In a print edition of the New York Times I oddly came across last weekend, I read an article by Katherine Zoepf about a woman in Saudi Arabia who is leading a campaign called, "My Guardian Knows What's Best for Me." Simply put, all women in Saudi Arabia are accorded legal and human rights by their closest, eldest male relative. This typically goes from father to husband. And eventually to son, but that's getting ahead of the story. The point being, one woman–tired of other women campaigning for expanded rights–stood up and said, "Enough." She likes her life the way it is.
I could not find this article to point to online, and yet I don't want to go too far into repeating the information. The story described various (totally unsuccessful) efforts to gain rights. And contrasted the life of this activist–a divorced princess who has managed to keep her three offspring–with the grim reality of other Saudi women, the majority of whom face divorce circumscribed to life on the family compound without their own children. Interestingly, the reporter did not point out that mobilizing groups of any kind is illegal in Saudi Arabia, but maybe that's just interesting to me. The fact is (based on a friend's observation who lives in KSA and is a reporter for The Financial Times) this "effort" is pretty limited.
What didn't get reported on was the last and most interesting tidbit. The reporter was so busy with her, gosh, these women just don't know what's best for them and need to get enlightened! perspective she failed to get into why these women would want such a thing. Even the 31-year-old grad student rabble rouser who calls the campaign "a stand to be against women who want to be treated as adults" concedes in the end that "most people want things to stay the same." Now that's a story. But perhaps she is saving it for her book.
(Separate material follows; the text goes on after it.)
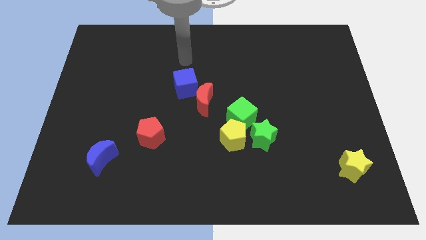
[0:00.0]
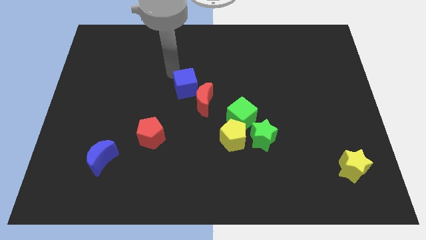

What living in Qatar (right next door) did for me was make me uncomfortably familiar with my own, deep-seated, inner housewife. On the occasion I expressed the old–I sometimes fear I'll end up as a homeless lady–I was met with incomprehending stares. That's simply not an option here. While it's true, these women can't go out and rent their own apartments, neither shall they ever want for a roof. Their family will take care of them; the family is everything. When I once dared to suggest to a group of students they might want to work a while, and wait before getting married, again with the stares. "But you'll just have to move in with your mother-in-law," I protested, thinking this an ace-in-the-hole. It got big laughs. "Then you must have picked the wrong mother-in-law!" These women were strong, highly intelligent and savvy about Western culture. And they had a point...
Simply put, their lives are so incredibly different to ours, the idea of feminism just can't be viewed the same way. Hells no I couldn't tolerate being told how to dress or if I could travel. Or could I? There are cultural restrictions we all adhere to; it's not like I can run around naked. I'd say it's because I don't want to, but is it? (Really, I strongly suspect I have no desire to, but let's just go with the thought for a moment.) Many of these women told me they dressed the way they did because they wanted to. I know that when I was living there I once found myself in an airport in Germany and at the site of a woman in a mini skirt the first thought that came to mind was, "Cover yourself!" For me this simply meant it was time to get the hell out, and since I could, I did.
As the word "feminism" undergoes a Momma Grizzly-style makeover here, I'm keeping an eye on what unfolds in that part of the world. To know those women is to know a kind of strength and power that many of us might find surprising, and many of us could learn from, even if we don't want to emulate. I've been told they feel the same.